Jordan has a new series, called Running the Numbers II, and it features some even more depressing statistics from the ocean, all presented in hi-def collage: 270,000 shark teeth (the number of sharks finned every day worldwide), 20,500 tuna (the number caught by humans every 15 minutes) and my personal favorite, “Gyre”:

It’s a photo collage of 2,400,000 pieces of plastic jetsam, all collected from the Pacific Ocean. That number, 2.4 million, is the number of pounds of plastic estimated to enter the world’s oceans every hour. Click here to see all the pictures at Jordan’s website, complete with zoomed images showing the fine detail.
2009/08/19

NASA image AS8-14-2383, better known as Earthrise, taken by astronaut William Anders on Apollo 8 in 1968.
Andy Revkin of Dot Earth has just posted the text of a talk he has been giving recently. In it, he suggests that H. sapiens is in the throes of civilizational and planetary puberty, facing for the first time both the scope of its power and the profundity of that power’s consequences. He writes about the moment that he came to terms with this on a personal level, shooting at birds with a BB gun in Rhode Island as a kid:
I pulled the trigger. A ball of feathers fluttered wildly and fell to the snow, flinging flecks of blood and downy tufts in every direction on the whiteness before it lay still and died. Every detail of that little murder was welded indelibly in my brain. I have great respect for the hunters I know who hone their woodcraft carefully and shoot to kill — and eat. But after I shot that bird, I never shot at a living thing again.
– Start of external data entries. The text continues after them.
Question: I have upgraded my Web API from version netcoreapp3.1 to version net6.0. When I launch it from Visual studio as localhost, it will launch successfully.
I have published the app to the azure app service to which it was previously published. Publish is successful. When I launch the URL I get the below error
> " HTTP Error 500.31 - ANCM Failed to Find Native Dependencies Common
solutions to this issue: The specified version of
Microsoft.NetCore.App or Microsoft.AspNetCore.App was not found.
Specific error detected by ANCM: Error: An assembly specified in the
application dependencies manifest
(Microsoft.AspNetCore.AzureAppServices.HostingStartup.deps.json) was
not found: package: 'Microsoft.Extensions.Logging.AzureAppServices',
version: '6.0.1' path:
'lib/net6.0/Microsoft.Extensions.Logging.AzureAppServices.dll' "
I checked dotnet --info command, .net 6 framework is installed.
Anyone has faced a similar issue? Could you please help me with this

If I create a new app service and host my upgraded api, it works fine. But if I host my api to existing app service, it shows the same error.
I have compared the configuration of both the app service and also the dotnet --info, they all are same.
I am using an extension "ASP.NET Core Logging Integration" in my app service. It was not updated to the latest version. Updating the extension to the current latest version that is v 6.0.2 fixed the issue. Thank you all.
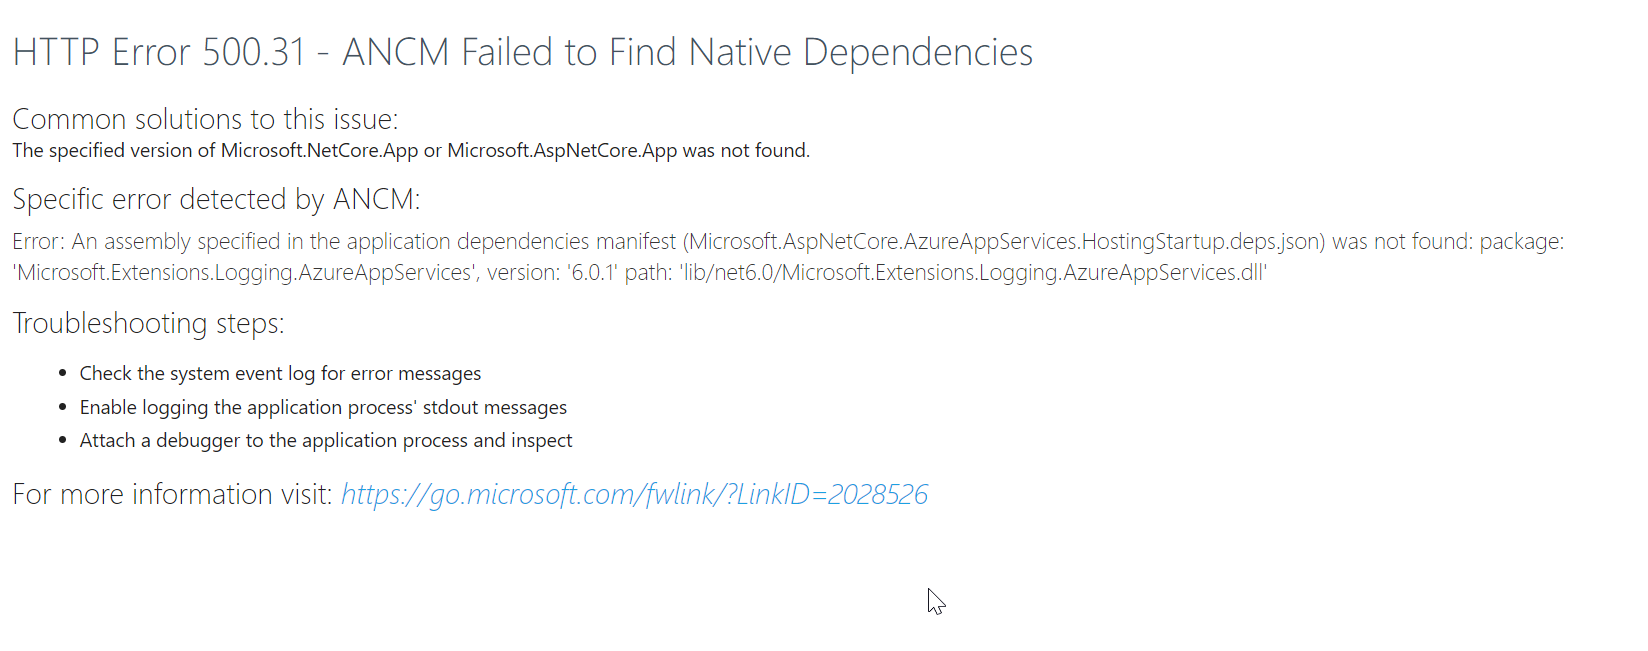
Answer: I am using an extension "ASP.NET Core Logging Integration" in my app service. It was not updated to the latest version. Updating the extension to the current latest version that is v 6.0.2 fixed the issue. Thank you all.

There comes a time in almost everyone’s youth when those remarkable human traits, self-awareness and empathy, catch up with potency, when you pause and reflect, when you first look back at the muddy tracks you just left across a floor and conclude that you are the person who needs to mop things up. Most people go through this transition successfully and become responsible citizens. Most of us would not leave the scene of an accident.
Now it may be humanity’s turn to go through the same kind of transition…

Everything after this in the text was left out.